A similar issue I am seeing on another node:
Sep 06 15:09:41 adm geth[1213331]: INFO [09-06|15:09:41.110] Loaded most recent local header number=15,437,129 hash=6f2521..0d7e54 td=57,516,172,497,790,252,883,625 age=1w22h15m
Sep 06 15:09:41 adm geth[1213331]: INFO [09-06|15:09:41.111] Loaded most recent local full block number=15,437,129 hash=6f2521..0d7e54 td=57,516,172,497,790,252,883,625 age=1w22h15m
Sep 06 15:09:41 adm geth[1213331]: INFO [09-06|15:09:41.111] Loaded most recent local fast block number=15,437,129 hash=6f2521..0d7e54 td=57,516,172,497,790,252,883,625 age=1w22h15m
Sep 06 15:09:41 adm geth[1213331]: INFO [09-06|15:09:41.111] Loaded last fast-sync pivot marker number=15,356,506
Sep 06 15:09:41 adm geth[1213331]: WARN [09-06|15:09:41.116] Head state missing, repairing number=15,437,129 hash=6f2521..0d7e54 snaproot=fdb3ec..80f225
Sep 06 15:10:13 adm geth[1213331]: ERROR[09-06|15:10:13.190] Error in block freeze operation err="canonical hash missing, can't freeze block 14793693"
In this case the canonical hash is missing, which is considerably more severe.
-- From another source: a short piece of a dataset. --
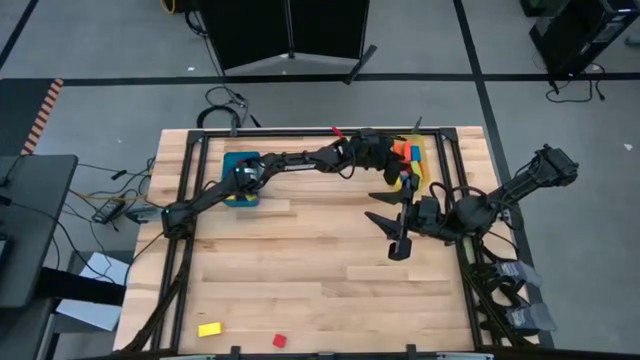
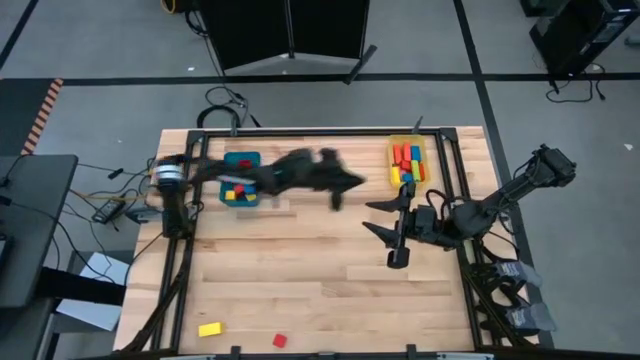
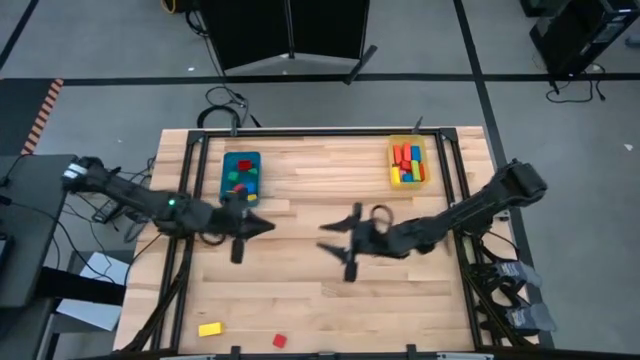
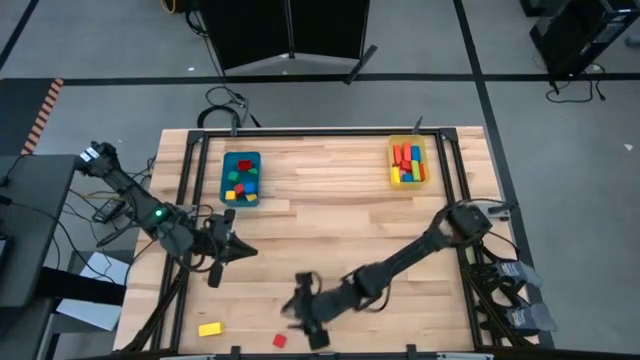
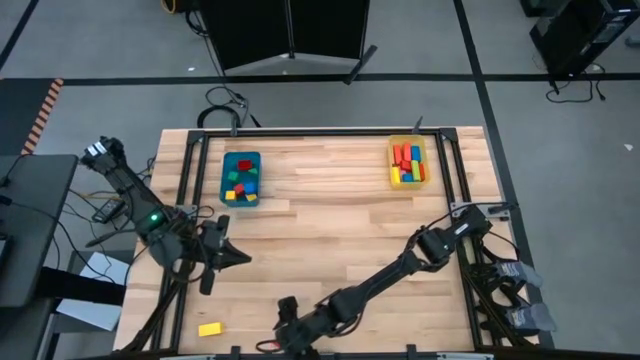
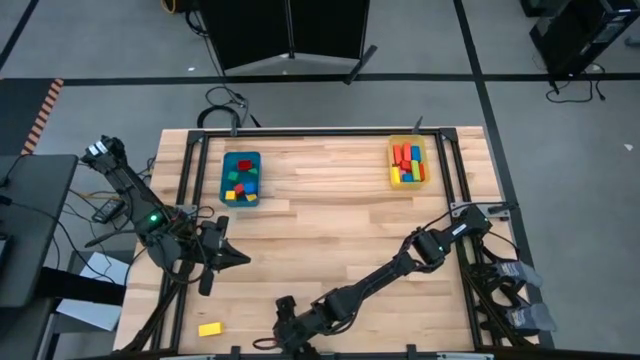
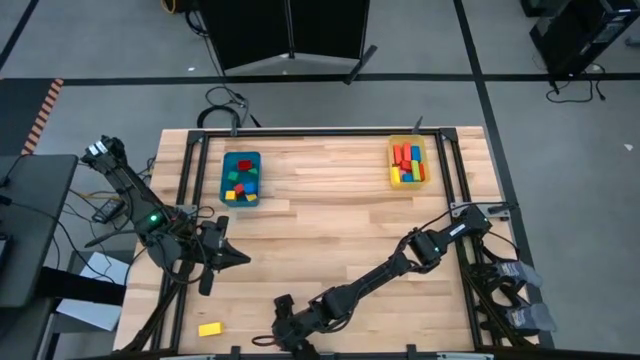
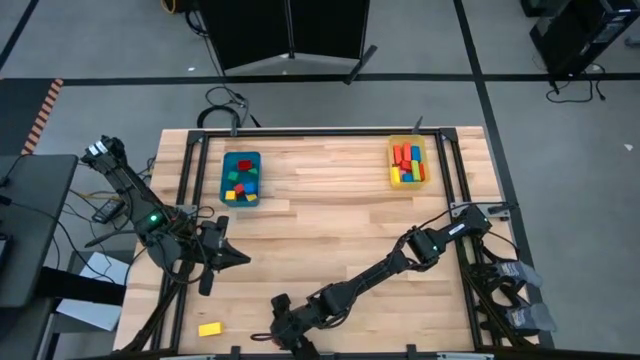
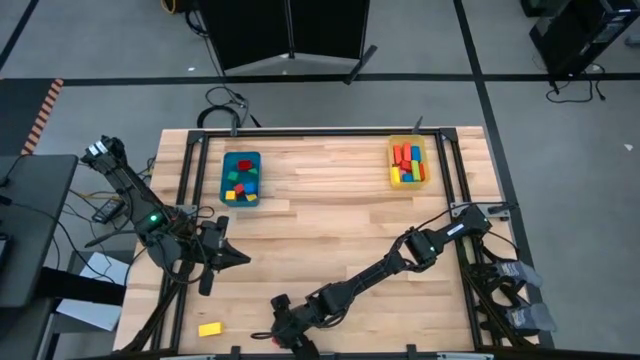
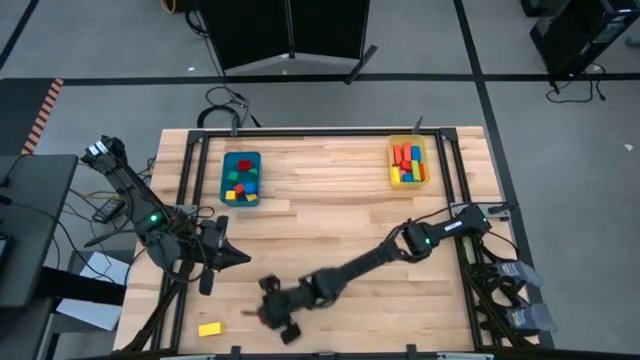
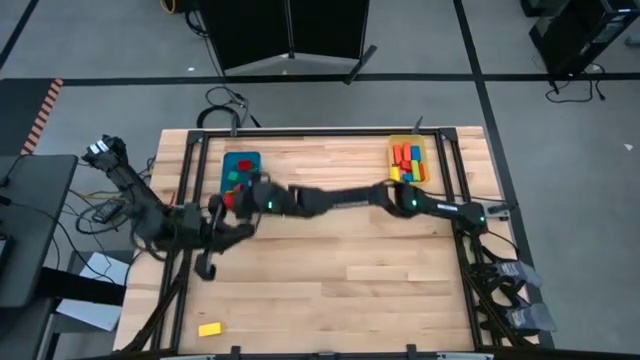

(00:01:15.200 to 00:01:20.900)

I don't plan to fix that in my change.
I have a WIP that seemed to work, but later the freezer table ran into another issue where it was missing the canonical hash for some blocks (not the ones previously missing receipts). So it seems the corruption was broader than previously understood.
In these cases we really should be spending time to figure out what happened and why the gap exists and fix the underlying issue, not the symptom.
When I was going through the p2p code the mystery widened because it seems that for most (maybe all?) of my peers the receipt bandwidth is 1 per request, so the gap of 831 was less-likely to be just one chunk that was missed or not retried. An entire segment likely wasn't queued for receipt fetching in the first place. I still suspect this is from bad shutdown timing during initial sync.
I think I know how the gap can happen; the receipts are downloaded after the headers in SnapSync, and while it may be retried on failure, shutdown can happen before then, and if the header chain is complete after snap sync starts again, snap sync won't go looking for missing receipts
Missing receipts (block bodies) most definitely should be downloaded if they weren't completely finished before shutdown happened. So snap sync should go looking for missing recieipts (and block bodies)
But apparently there is something wrong (since we sometimes miss receipts), so if you have a theory of what happens I'm all ears.
I ended up nuking my reproducing datadir and resyncing but I still have the manual recovery function implemented on my branch. I can cut a PR for it if yall would want it. But I previously got the impression that you would not.
I think we're not that interested in the manual recovery feature, but if you have any idea about the root cause, that would be interesting.
The reason you stated above sounds, to me, not correct. But maybe I am wrong and we have some error there somewhere. So yeah, fresh ideas are appreciated in solving the root issue.